Denver Broncos (second stint)
After the AAF filed for bankruptcy, Bertolet re-signed with the Denver Broncos on April 29, 2019. He was waived on July 23, 2019.

New York Jets (second stint)
On August 11, 2019, Bertolet was signed by the New York Jets after Chandler Catanzaro retired during preseason. He was waived by the Jets on September 1, 2019.

Carolina Panthers
On October 24, 2020, Bertolet was signed to the Carolina Panthers practice squad. He was released on November 2, 2020, and re-signed to the practice squad on November 7. He was released again on November 10, and re-signed to the practice squad again on November 14. He was released on November 16, and re-signed again on November 21. Bertolet was released a fourth time on November 24, 2020, but re-signed four days later.
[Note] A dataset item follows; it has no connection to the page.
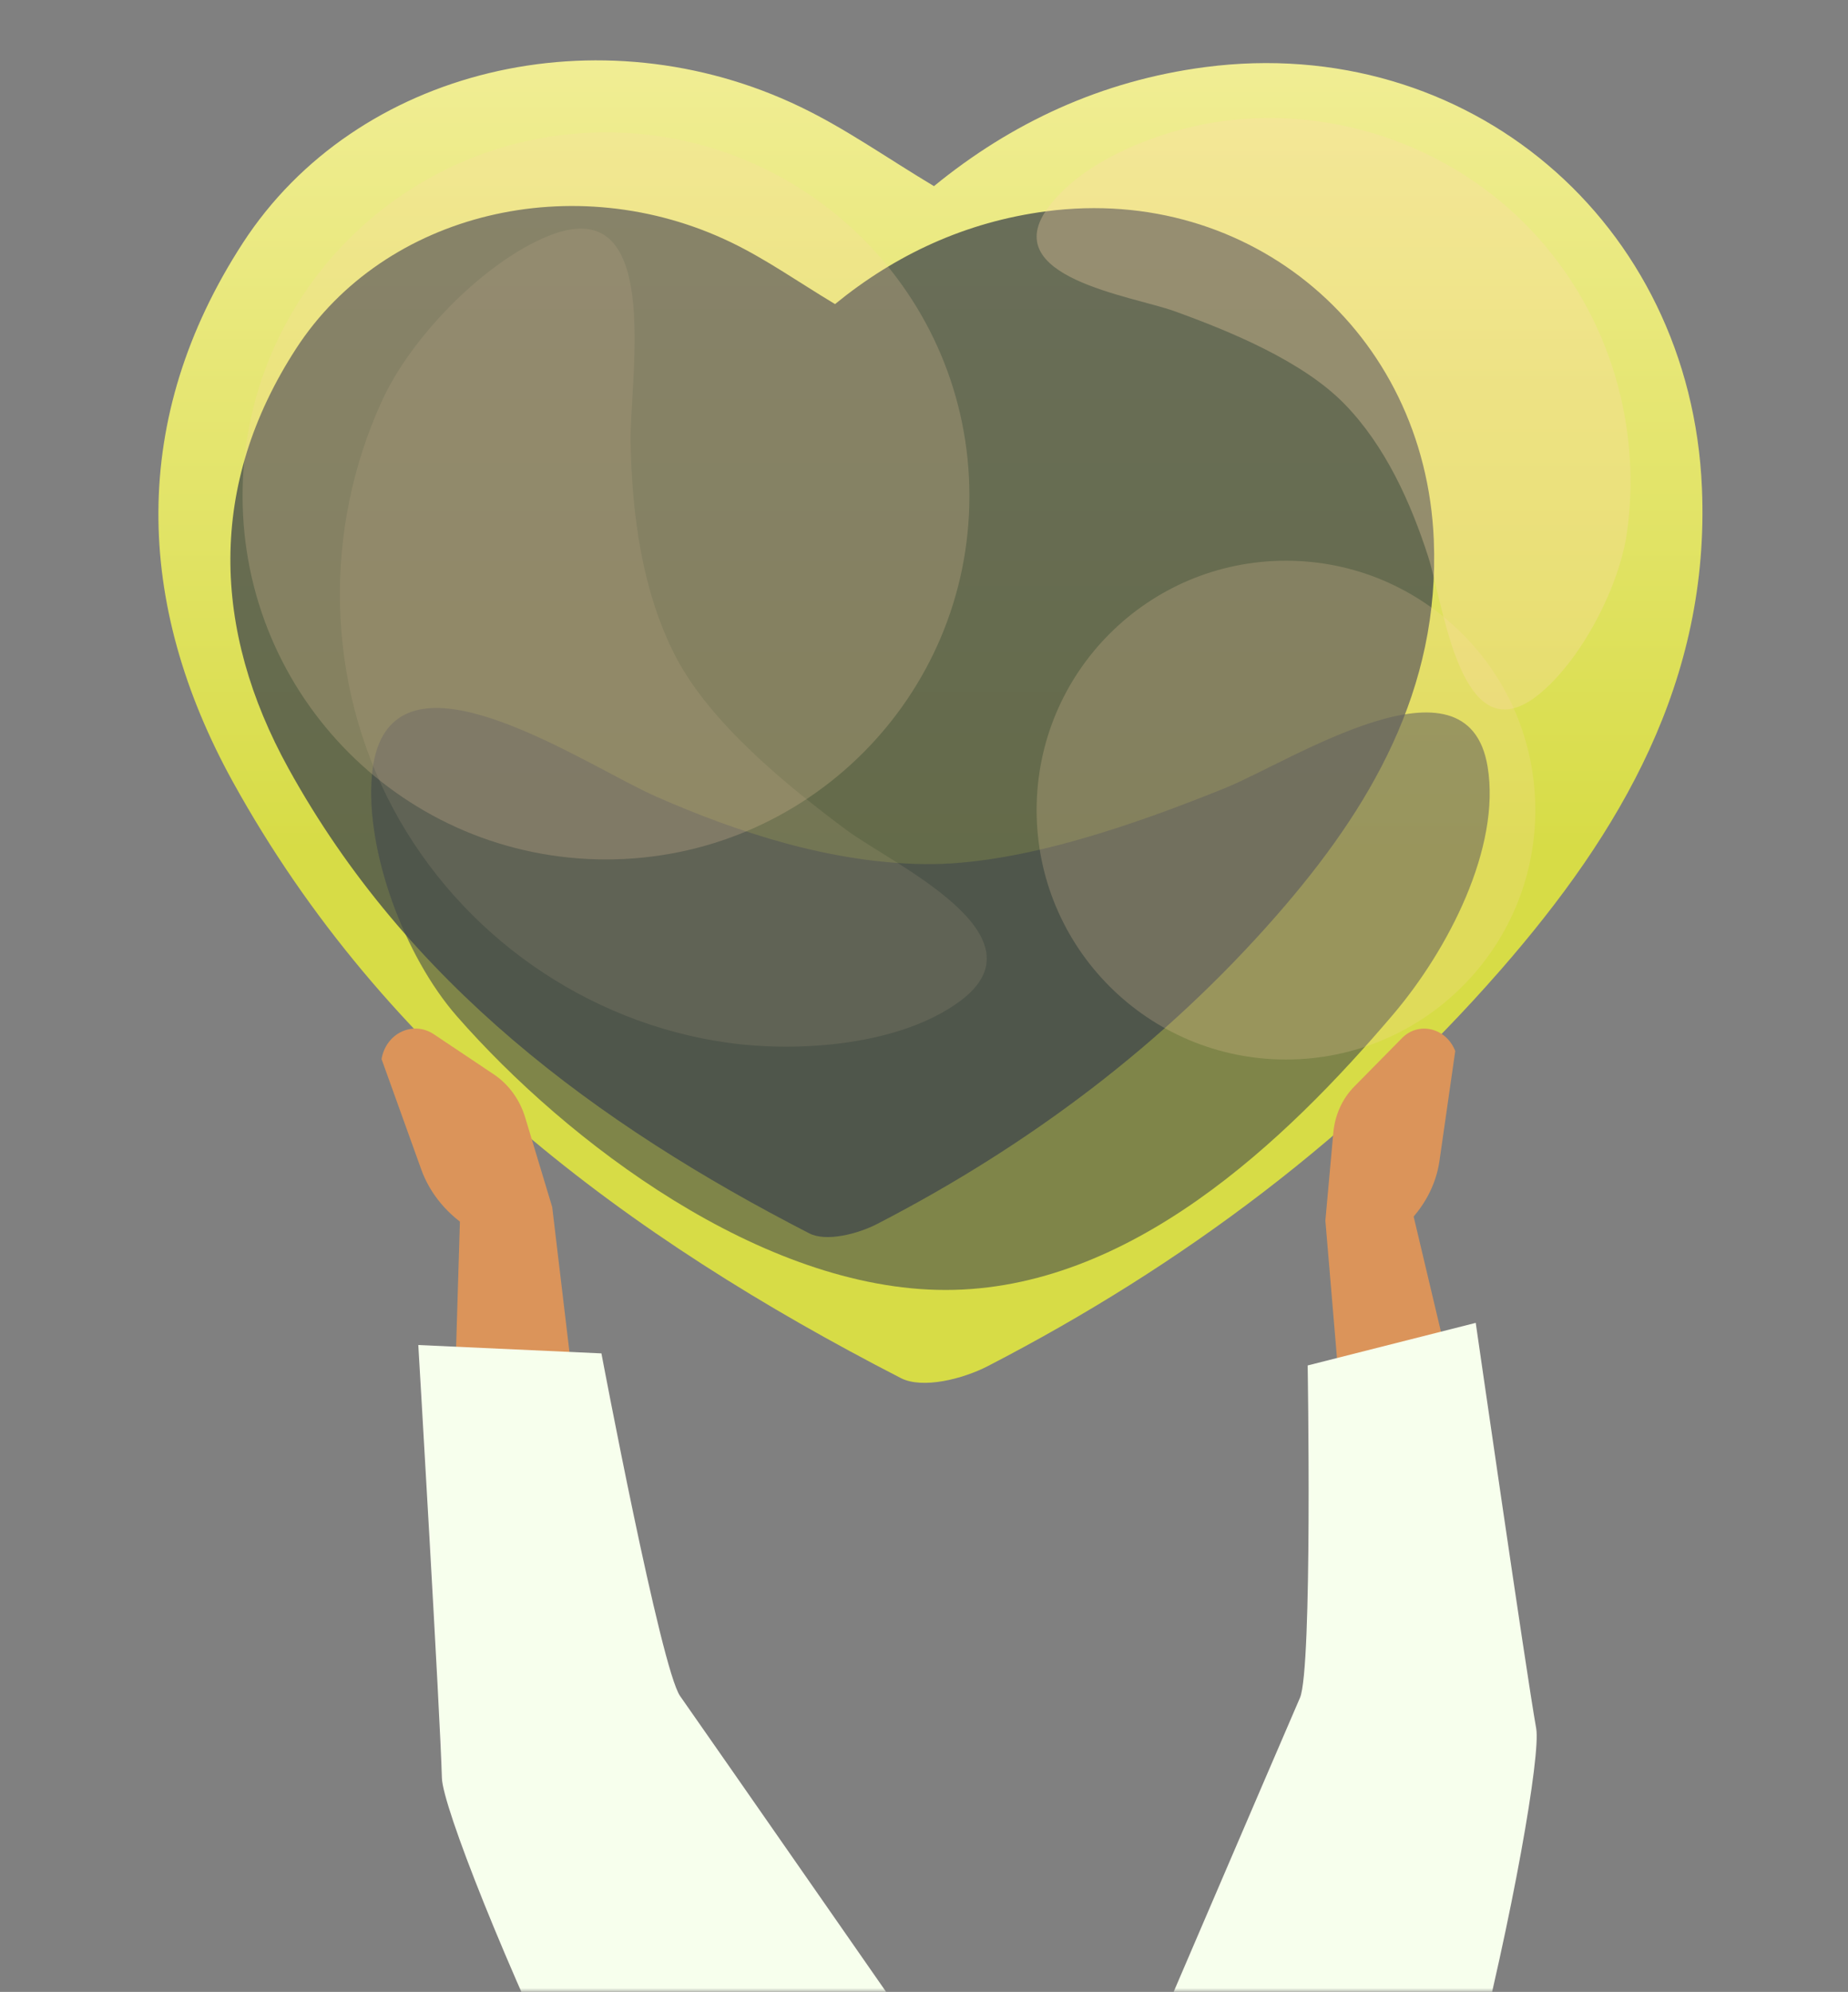 <svg xmlns="http://www.w3.org/2000/svg" width="245" height="264" fill="none"><rect width="100%" height="100%" fill="#808080" stroke="none"/><mask id="a" width="245" height="264" x="0" y="0" maskUnits="userSpaceOnUse" style="mask-type:alpha"><path fill="#D9D9D9" d="M0 0h245v264H0z"/></mask><g mask="url(#a)"><path fill="url(#b)" fill-rule="evenodd" d="M123.815 24.675c10.25-8.383 22.174-13.975 35.95-15.78 34.779-4.55 64.388 20.484 65.872 55.799 1.078 25.509-10.785 45.648-26.679 63.845-19.153 21.922-42.146 39.162-67.976 52.509-3.327 1.721-8.681 3.075-11.55 1.599-36.293-18.663-68.396-42.52-88.558-79.02-13.01-23.59-13.753-48.18 1.308-71.403C47.265 8.972 79.559 1.392 106.108 14.166c6.02 2.89 11.535 6.807 17.707 10.501v.008Z" clip-rule="evenodd"/><path fill="#41474C" fill-rule="evenodd" d="M110.697 40.31c7.993-6.533 17.287-10.9 28.026-12.308 27.115-3.549 50.199 15.964 51.362 43.507.841 19.887-8.406 35.59-20.797 49.771-14.931 17.088-32.86 30.535-52.992 40.937-2.6 1.339-6.769 2.402-9.01 1.247-28.293-14.548-53.328-33.15-69.039-61.612-10.15-18.38-10.731-37.556 1.017-55.66C51.028 28.063 76.208 22.15 96.9 32.11c4.688 2.256 8.995 5.308 13.806 8.192l-.008.008Z" clip-rule="evenodd" opacity=".76" style="mix-blend-mode:overlay"/><path fill="#41474C" d="M50.807 97.439c5.997-10.257 27.36 4.237 36.164 8.13 10.885 4.796 23.268 8.812 35.629 8.957 12.811.153 28.415-5.476 39.804-10.073 8.774-3.549 32.179-18.893 34.818-2.838 1.767 10.762-5.255 24.277-12.498 32.806-14.365 16.912-34.986 36.554-59.371 36.546-24.323-.007-50.146-19.566-64.763-36.255-7.006-8.001-12.13-21.937-11.29-31.858.192-2.295.712-4.07 1.507-5.423v.008Z" opacity=".58" style="mix-blend-mode:overlay"/><path fill="#FEDAAB" d="M203.547 107.367c0 18.258-14.801 33.059-33.059 33.059-18.258 0-33.058-14.801-33.058-33.059 0-18.258 14.8-33.058 33.058-33.05 18.258 0 33.059 14.792 33.059 33.058v-.008ZM128.52 65.726c0 26.61-21.57 48.18-48.18 48.18-26.611 0-48.18-21.57-48.18-48.18s21.569-48.188 48.18-48.18c26.61 0 48.18 21.57 48.18 48.188v-.008Z" opacity=".2" style="mix-blend-mode:overlay"/><path fill="#FEDAAB" d="M201.054 93.76c-7.84 2.585-9.836-14.159-11.718-20.002-2.325-7.22-5.714-14.694-11.06-20.186-5.53-5.698-15.229-9.675-22.557-12.322-5.645-2.042-23.696-4.49-16.697-13.83 4.688-6.256 14.64-10.065 22.143-11.228 14.893-2.317 30.305 2.754 40.99 13.447 10.655 10.67 15.619 25.937 13.554 40.845-.994 7.144-5.828 16.491-11.244 21.172-1.246 1.086-2.378 1.76-3.411 2.103Z" opacity=".3" style="mix-blend-mode:overlay"/><path fill="#FEDAAB" d="M76.79 30.297c10.372-.276 6.678 20.613 6.816 28.339.168 9.545 1.522 19.772 5.943 28.331 4.582 8.865 14.8 17.172 22.648 23.023 6.05 4.505 26.878 13.998 15.053 22.717-7.924 5.836-21.271 6.815-30.733 5.5-18.755-2.608-35.452-14.311-44.41-31.062-8.925-16.72-9.339-36.906-1.422-54.116 3.801-8.245 13.018-17.753 21.233-21.424 1.897-.857 3.503-1.262 4.873-1.3v-.008Z" opacity=".1" style="mix-blend-mode:overlay"/><path fill="#DB945A" fill-rule="evenodd" d="M183.224 239.44c10.372-1.637 17.96-9.431 17.371-22.633l-14.893-62.79-9.989 7.756 4.084 48.394 3.427 29.273Z" clip-rule="evenodd"/><path fill="#DB945A" d="m175.713 161.774 1.055-11.672c.215-2.333 1.194-4.49 2.762-6.081l6.348-6.441c2.211-2.241 5.859-1.353 7.052 1.721l-2.095 14.579c-.459 3.213-2.127 6.303-4.658 8.628l-4.223 3.886-6.241-4.62Z"/><path fill="#F7FFED" fill-rule="evenodd" d="M175.56 322.874c13.225-8.33 29.333-86.815 28.102-93.791-1.392-7.847-8.016-53.756-8.016-53.756l-22.281 5.645s.658 40.218-1.025 44.057c-1.675 3.84-24.698 57.497-24.698 57.497l27.926 40.34-.008.008Z" clip-rule="evenodd"/><path fill="#DB945A" fill-rule="evenodd" d="M81.954 242.025c-11.091.513-20.607-5.951-22.81-19.741l2.066-68.205 12 5.905 6.066 50.987 2.678 31.047v.007Z" clip-rule="evenodd"/><path fill="#DB945A" d="m73.21 159.984-3.58-11.871c-.718-2.371-2.187-4.398-4.153-5.714l-7.947-5.316c-2.769-1.851-6.356-.161-6.945 3.281l5.27 14.648c1.163 3.235 3.542 6.073 6.662 7.947l5.201 3.129 5.485-6.112.007.008Z"/><path fill="#F7FFED" fill-rule="evenodd" d="M107.638 326.813C92.164 321 58.784 243.134 58.585 235.646c-.229-8.429-3.128-57.382-3.128-57.382l24.277 1.109s7.879 41.794 10.434 45.419c2.554 3.618 37.816 54.3 37.816 54.3l-20.339 47.728-.007-.007Z" clip-rule="evenodd"/></g><defs><linearGradient id="b" x1="124.75" x2="124.75" y1="-30.642" y2="179.808" gradientUnits="userSpaceOnUse"><stop stop-color="#FAF4B1"/><stop offset=".68" stop-color="#D7DC46"/></linearGradient></defs></svg>

He was released again on December 1, 2020.

Minnesota Vikings
On December 19, 2020, Bertolet was signed to the Minnesota Vikings' practice squad. His practice squad contract with the team expired after the season on January 11, 2021.

Hamilton Tiger-Cats
Bertolet signed with the Hamilton Tiger-Cats on June 29, 2021. He was released on November 15, 2021.

New Orleans Breakers
Bertolet signed with the New Orleans Breakers of the United States Football League on May 5, 2022.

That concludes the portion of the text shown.